Of course, strictly speaking, ASCII is a 7-bit code set and any character outside the range 0x00..0x7F is not ASCII.
You only allocate 255 bytes but you then proceed to overwrite one byte beyond what you allocate. This is a basic buffer overflow; you invoke undefined behaviour (which means anything may happen, including the possibility that it seems to work correctly without causing trouble - on some machines).
Another problem is that you write mappings for 255 of the 256 possible byte codes, which is puzzling. What happens with the other byte value?

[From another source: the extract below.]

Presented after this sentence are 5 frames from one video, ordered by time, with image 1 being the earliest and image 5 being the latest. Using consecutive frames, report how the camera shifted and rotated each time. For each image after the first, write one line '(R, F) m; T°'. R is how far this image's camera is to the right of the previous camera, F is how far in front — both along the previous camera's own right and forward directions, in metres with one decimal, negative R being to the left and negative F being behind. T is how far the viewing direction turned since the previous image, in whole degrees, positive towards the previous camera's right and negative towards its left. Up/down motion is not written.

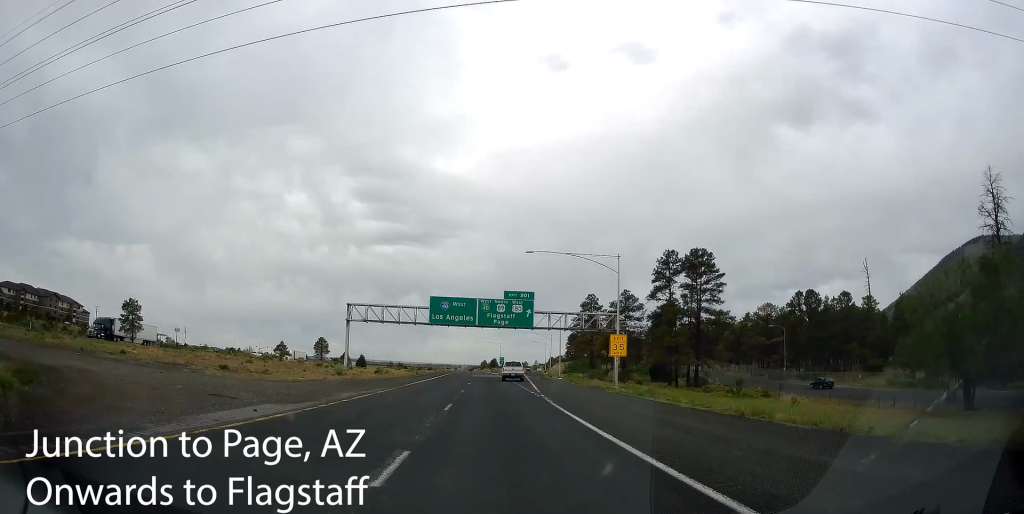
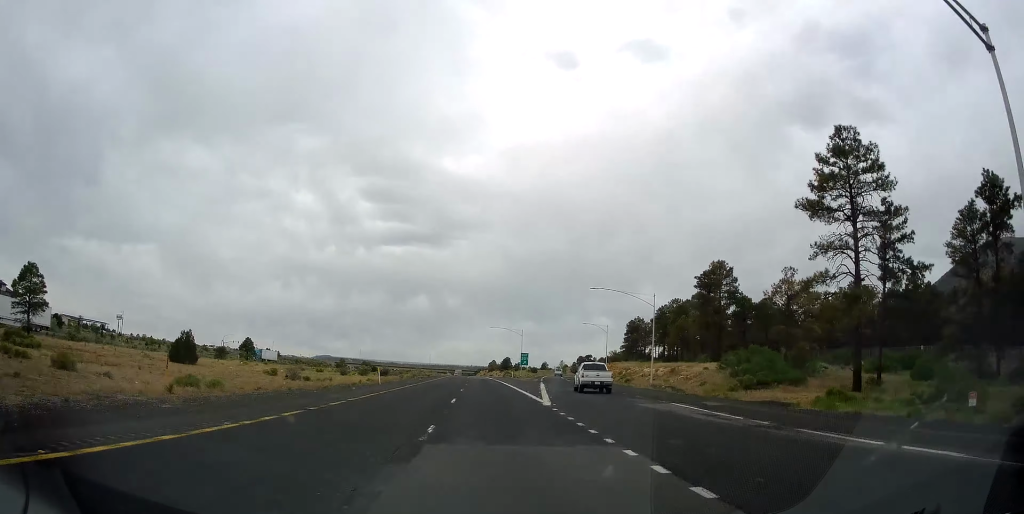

Of course, since you write the 256-byte mapping to the 'encrypted' file, it will be child's play to decode; the security in this scheme is negligible. However, as a programming exercise, it still has some merit.
There is no reason to slurp the entire file and then write it out byte by byte. You can perfectly well read it byte by byte as well as write it byte by byte. Or you could slurp the whole file, map it in situ, and then write the whole file in one go. Consistency is important in programming.